To document the correlation results of this iteration as XML files, select Current Design to Spreadsheet from the Export menu on the main form. This will produce an Excel XML document showing the status of the correlation. If this file is overwritten as the correlation process continues, Attune will append results to the existing file. Each time the file is written, the current status of the correlation is added to the summary sheet and two sheets are added containing a full description of the current state and design, respectively. The summary, state, and design tabs of the spreadsheet are shown in the figures below.
To continue the correlation process, the design suggested by Attune is written to the Nastran bulk data in a form that is ready to run. The figure below shows the form brought up by selecting Current Design Variables to Nastran Bulk from the Export menu on the main form. In this case, all design variable definition cards are in the same bulk data file. This is not required. Once the new design has been written out, Nastran is rerun and the configuration can be reloaded by selecting the Reload All Configurations item under the File menu on the main form. This action will reload the test data and the recently updated analysis data, remap the nodes, and update Attune with the new information.

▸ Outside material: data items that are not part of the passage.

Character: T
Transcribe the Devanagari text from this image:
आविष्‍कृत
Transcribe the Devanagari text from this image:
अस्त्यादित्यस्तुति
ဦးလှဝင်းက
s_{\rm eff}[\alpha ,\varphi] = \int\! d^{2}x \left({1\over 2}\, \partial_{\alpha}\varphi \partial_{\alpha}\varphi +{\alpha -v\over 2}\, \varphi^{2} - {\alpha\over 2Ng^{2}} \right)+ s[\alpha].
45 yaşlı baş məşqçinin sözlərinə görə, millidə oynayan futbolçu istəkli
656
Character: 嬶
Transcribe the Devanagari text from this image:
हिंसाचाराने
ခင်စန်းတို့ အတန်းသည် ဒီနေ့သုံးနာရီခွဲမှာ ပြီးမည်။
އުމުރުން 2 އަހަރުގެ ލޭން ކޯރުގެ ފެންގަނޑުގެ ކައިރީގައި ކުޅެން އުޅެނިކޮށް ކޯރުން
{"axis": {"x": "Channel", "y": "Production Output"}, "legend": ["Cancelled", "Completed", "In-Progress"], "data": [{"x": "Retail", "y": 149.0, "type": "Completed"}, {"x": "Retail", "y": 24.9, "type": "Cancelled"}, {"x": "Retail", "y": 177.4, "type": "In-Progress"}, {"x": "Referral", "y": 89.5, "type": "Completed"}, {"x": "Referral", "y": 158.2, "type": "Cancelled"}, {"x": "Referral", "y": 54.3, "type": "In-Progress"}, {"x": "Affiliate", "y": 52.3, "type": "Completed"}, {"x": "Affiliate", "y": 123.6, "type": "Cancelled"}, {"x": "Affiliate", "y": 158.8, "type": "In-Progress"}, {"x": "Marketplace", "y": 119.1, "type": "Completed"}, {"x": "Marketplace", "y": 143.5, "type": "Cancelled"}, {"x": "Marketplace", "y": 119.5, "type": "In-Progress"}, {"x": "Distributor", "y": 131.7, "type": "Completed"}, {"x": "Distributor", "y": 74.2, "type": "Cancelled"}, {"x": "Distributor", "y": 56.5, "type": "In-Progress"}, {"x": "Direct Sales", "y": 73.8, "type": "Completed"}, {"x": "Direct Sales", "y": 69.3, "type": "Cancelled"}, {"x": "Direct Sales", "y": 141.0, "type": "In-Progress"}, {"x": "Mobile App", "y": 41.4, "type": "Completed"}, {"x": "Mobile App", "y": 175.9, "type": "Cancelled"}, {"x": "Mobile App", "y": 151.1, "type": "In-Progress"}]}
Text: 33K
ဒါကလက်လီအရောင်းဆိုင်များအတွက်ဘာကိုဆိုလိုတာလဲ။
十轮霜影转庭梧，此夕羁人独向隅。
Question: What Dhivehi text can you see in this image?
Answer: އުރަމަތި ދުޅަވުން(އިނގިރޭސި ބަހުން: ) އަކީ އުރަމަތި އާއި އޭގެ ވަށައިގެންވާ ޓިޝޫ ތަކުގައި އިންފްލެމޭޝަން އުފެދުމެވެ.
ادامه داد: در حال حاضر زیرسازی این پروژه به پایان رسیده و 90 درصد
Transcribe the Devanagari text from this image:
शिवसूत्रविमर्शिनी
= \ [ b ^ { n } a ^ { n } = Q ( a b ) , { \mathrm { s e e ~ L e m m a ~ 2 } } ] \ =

After multiple iterations of Attune, when a satisfactory design is found, the final design can be written to a Nastran input file by selecting Final Property Values to Nastran Bulk from the Export menu on the main form. This will update the physical and material properties in the bulk data with the values indicated by the design variables. All Nastran parameters and design variables related to design optimization will be commented out, and the deck will be converted to SOL 103.
The new set of data is added to Attune by editing the configuration, changing the Active Data Set to Post-Optimization and loading in the final SOL 103 shapes. Upon saving the configuration and returning to the main Attune form, it will look like the figure below. The final status of the state variables is also shown below.